Sessenta e oito governos locais norte-americanos, incluindo das cidades de Birmingham e Miami, suspenderam programas de coleta de materiais recicláveis devido à pandemia. Apesar disso, os especialistas prevêem que a quantidade de aterros ainda reduzirá devido à falta de atividade comercial.
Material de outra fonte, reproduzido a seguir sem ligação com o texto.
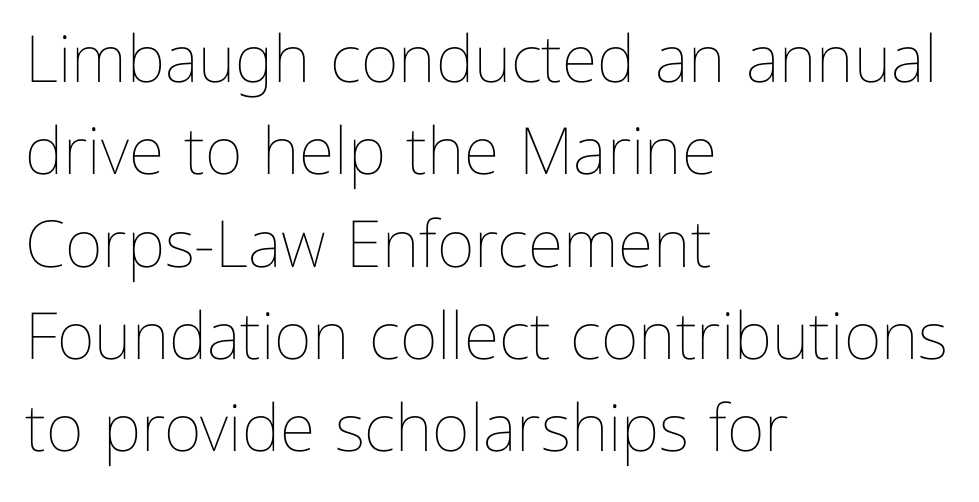
{"italic": "no", "bold": "no", "weight": "thin", "width": "normal", "stroke_contrast": "low", "x_height": "medium", "monospaced": "no", "underline": "no", "align": "left", "line_spacing": "normal", "line_spacing_ratio": 1.42, "letter_spacing": "normal", "letter_spacing_em": 0.0, "glyph_px": 65}

As fontes dos dados listados são: portal Waste Dive; Center For Plant Conservation (Centro de Conservação de Plantas); Dr. Trevor Dines da instituição de conservação de plantas silvestres Plantlife; Lamont-Doherty Earth Observatory (Observatório da Terra Lamont-Doherty da Universidade de Columbia); portal Carbon Brief; Douglas Rader, do Environmental Defense Fund (Fundo de Defesa Ambiental); cientista Rainer Froese, do GEOMAR Helmholtz Centre for Ocean Research Kiel (Centro de Pesquisas Oceânicas GEOMAR Helmholtz); Marshall Burke, do Earth System Science Department (Departamento de Ciência de Sistemas Terrestres da Universidade de Stanford); National Institute For Space Research (Instituto Nacional de Pesquisas Espaciais); Transportation Security Administration (Administração de Segurança de Transporte); e zoológico de Hong Kong Ocean Park.